Całkiem niedawno, w 2022 r, Wydawnictwo IX wydało zbiór opowiadań Dereletha pt. „Tropem Cthullu” („The Trial of Cthullu”) wydany pierwotnie w 1962 r. To już drugi po „Masce Cthullu” z 2020 r. autorski zbiór opowiadań autora z Wisconsin wydany po polsku. O ile jednak ten pierwszy zbiór zawierał opowiadania powiązane ze sobą li tylko umiejscowieniem w lovercraftowskim uniwersum, tak „Tropem…” można traktować jako quasi powieść z wyraźna linią narracyjną, na która składa się pięć opowiadań o tytułach: „Dom przy Curwen Street.

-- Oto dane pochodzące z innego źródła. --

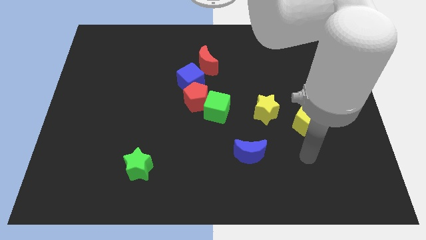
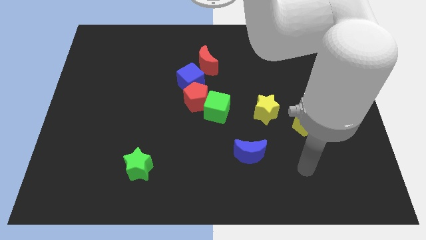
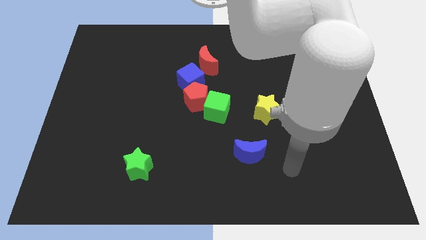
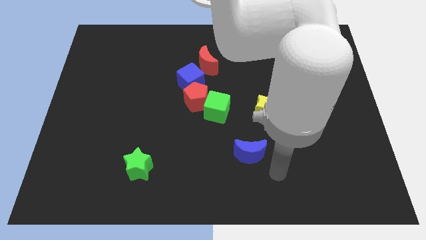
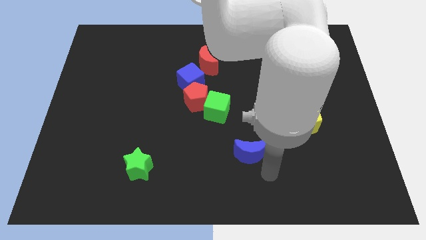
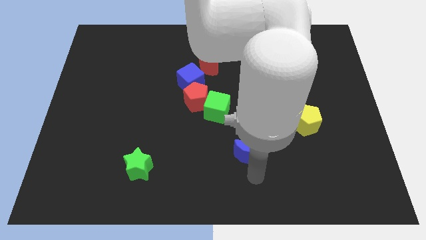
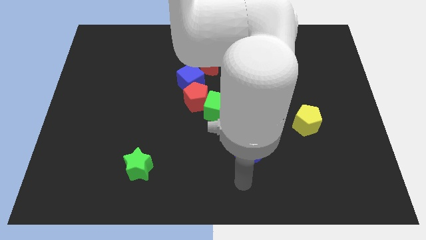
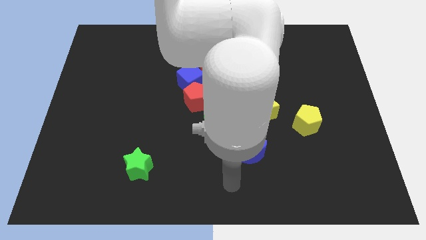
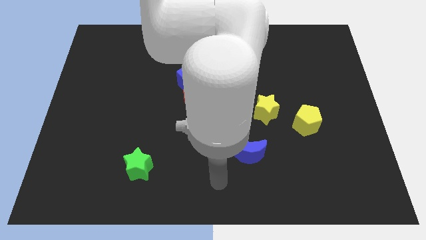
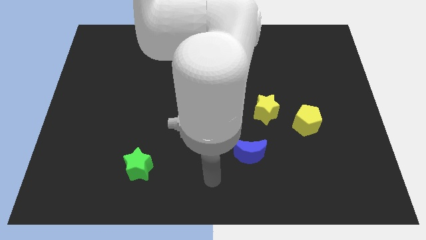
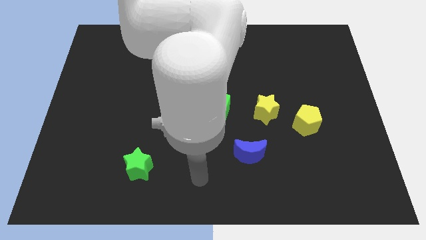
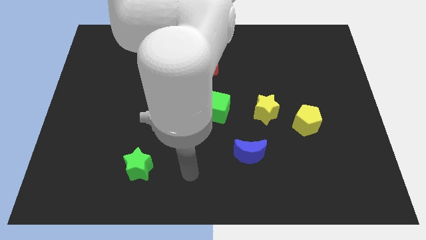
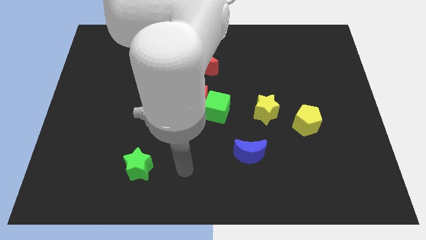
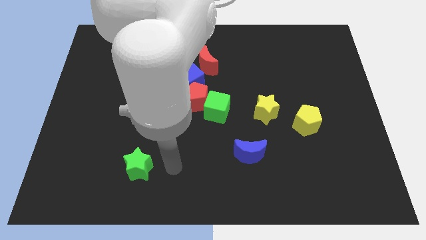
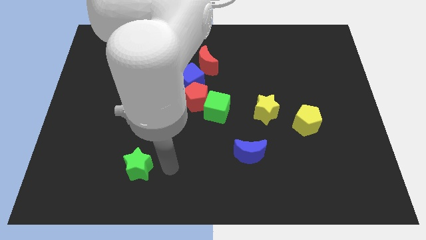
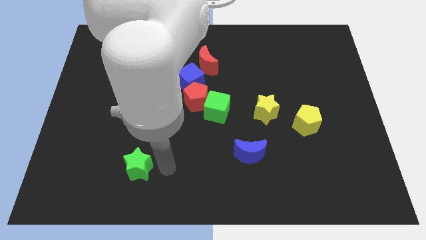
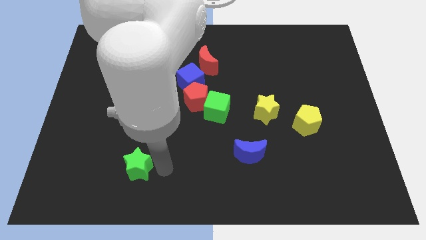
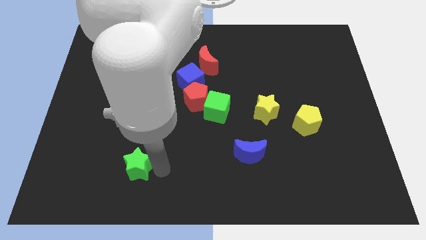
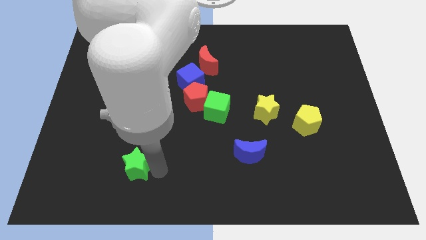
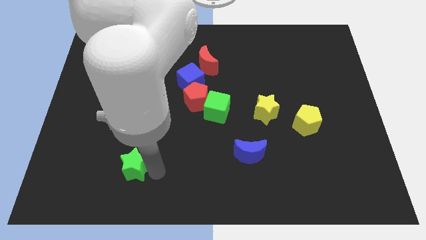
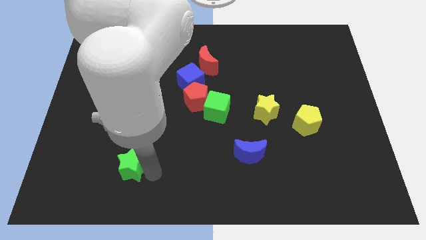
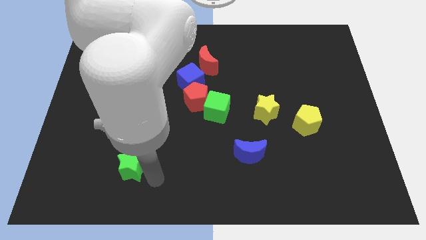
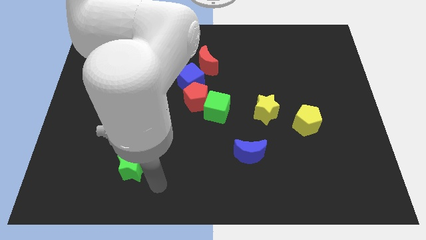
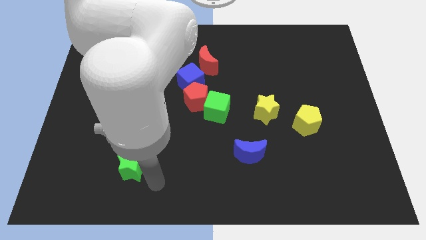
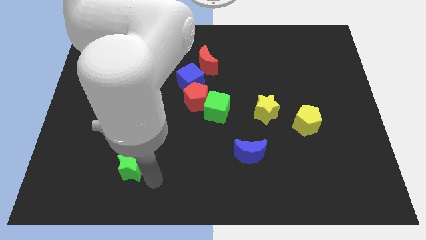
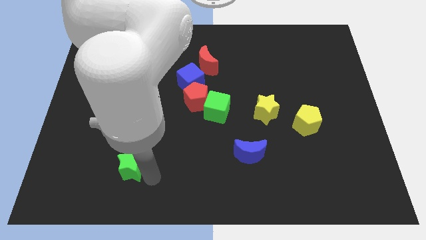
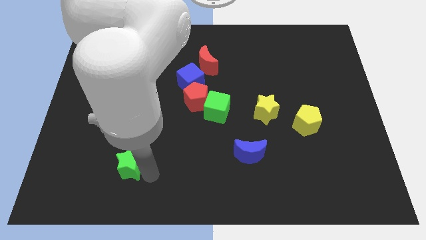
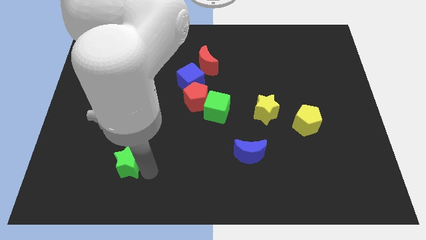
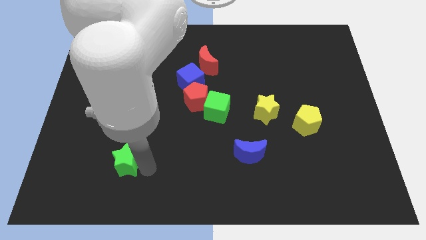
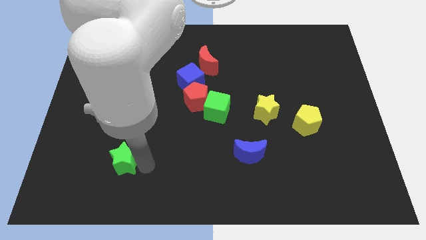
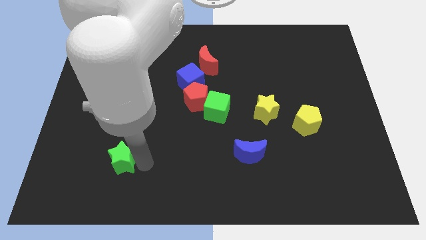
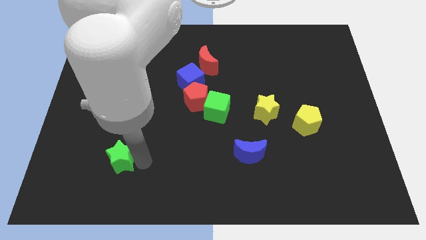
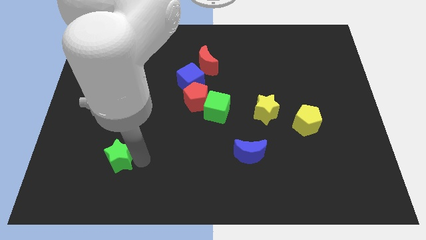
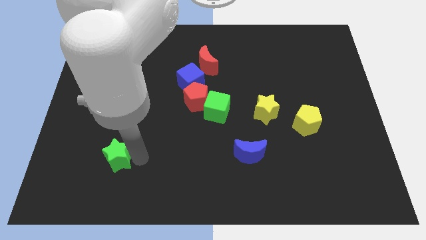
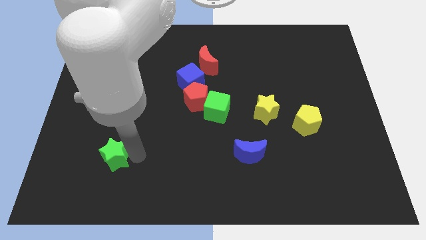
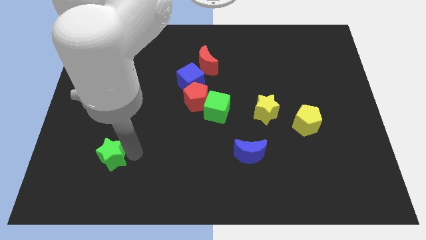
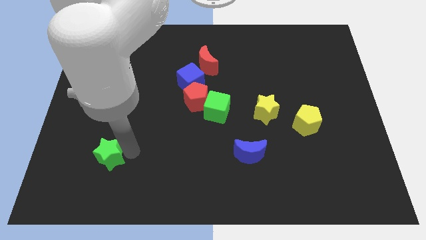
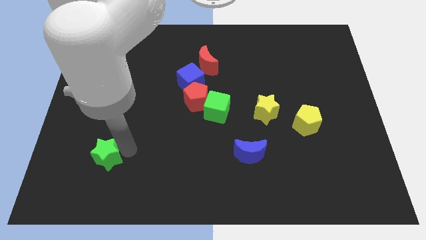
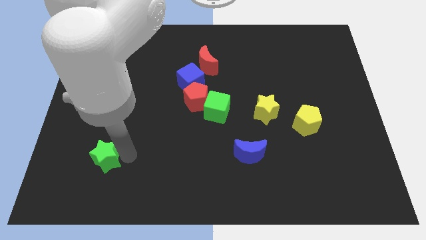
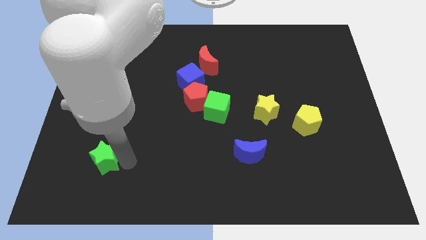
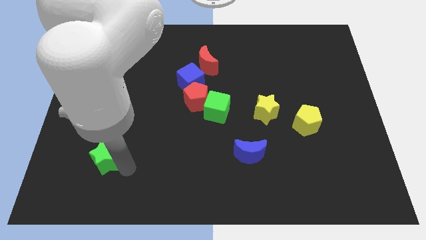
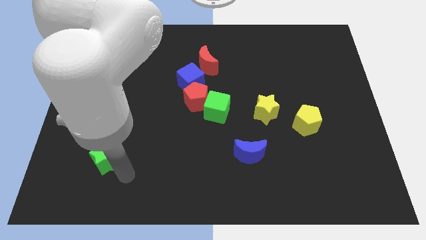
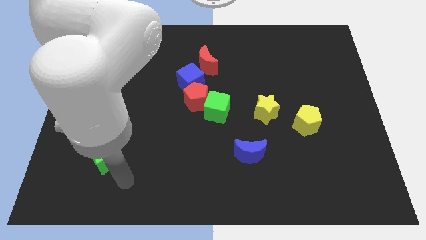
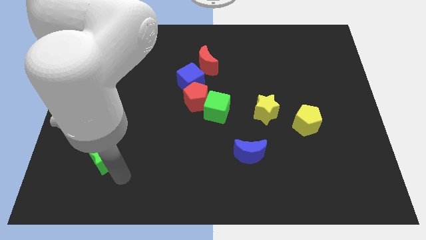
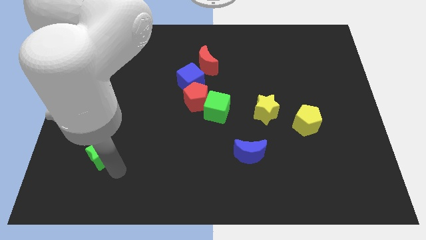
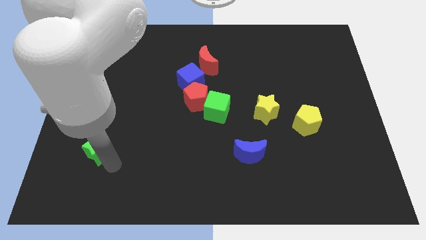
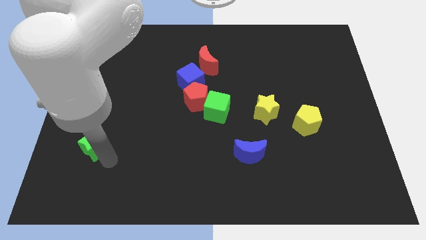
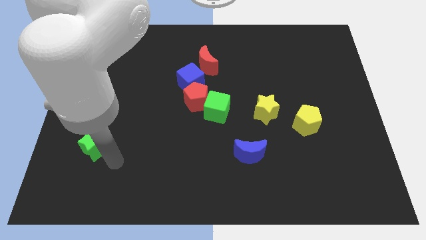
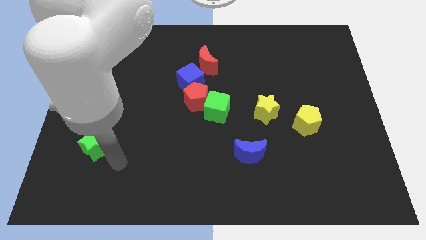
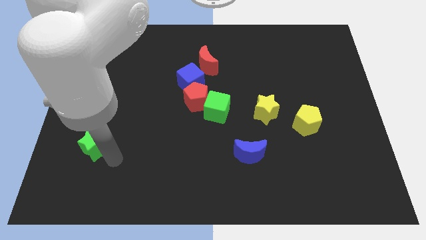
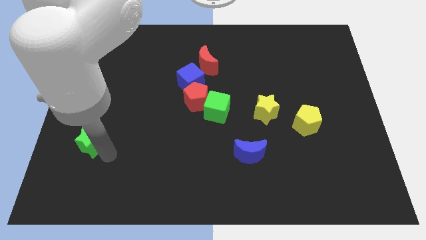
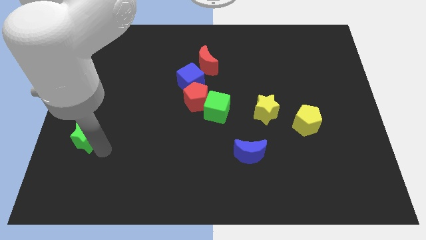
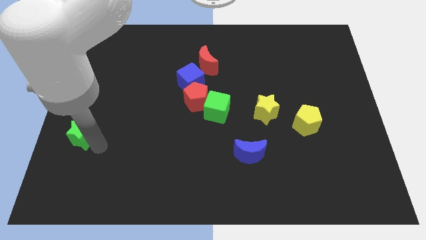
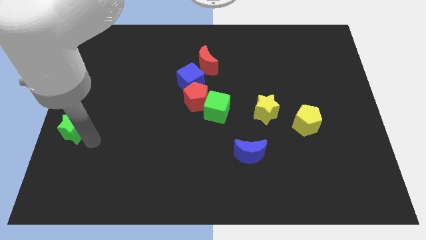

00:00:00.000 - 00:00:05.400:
move the green star to the left side of the board

Rękopis Andrew Phelana”, „Niebiański obserwator. Zeznanie Abla Keane’a”, „Wąwóz poza Salapunco. Testament Claiborne’a Boyda”, „Strażnik Klucza. Relacja Naylanda Columa”, „Czarna Wyspa. Opowieść Horvatha Blayne’a”. Jakkolwiek ukazywały się one oddzielnie się na łamach magazynu „Weird Tales” na przestrzeni lat 1944-1952, tak stanowią w istocie dosyć spójną narracyjnie całość.

Profesor Uniwersytety w Miskatonic Laban Shrewsbury stara się za wszelką cenę powstrzymać powrót Wielkich Przedwiecznych, w tym celu nieco po erpiegowemu gromadzi drużynę śmiałków, którzy nie zawahają się stawić czoła niewyobrażalnemu. Akcja opowieści zabiera czytelnika z ponurego Massachusetts, przez Andy i piaski Półwyspu Arabskiego na tajemniczą wyspę na Pacyfiku. Brzmi zachęcająco? No cóż należy w tym miejscu ostudzić nieco zamiary tych spodziewających się Indiany Jonesa kontra Cthullu – bohaterowie wykreowani przez Derletha to bowiem postacie klasycznie lovecraftowskie. Aktywne acz nieco neurotyczne, których działania to zasadniczo zbieranie informacji po kolejnych odludnych i tajemniczych lokacjach. Przyznam szczerze, że z pomysłu dałoby się pewnie więcej wyciągnąć dając w utworach nieco więcej elementów przygodowych, niemniej prawda jest też taka, że Derleth starał się w nich jak najbardziej naśladować styl Lovecrafta i takie coś byłoby nieco wybijające z charakterystycznego dla Samotnika z Providence klimatu.

Całościowo jednak książka broni się jako wariacja na temat Cthullu, będąc swoista kontynuacją wątków z opowiadań HPL-a na czele z „Widmem nad Insmouth” którego fabuła jest wielokrotnie wspominana zwłaszcza pod sam koniec książki. Pozycję mogę szczerze polecić wszelkim fanom Wielkich Przedwiecznych, uczciwie jednak ostrzegam, że przed Derlethem warto poznać Lovecrafta.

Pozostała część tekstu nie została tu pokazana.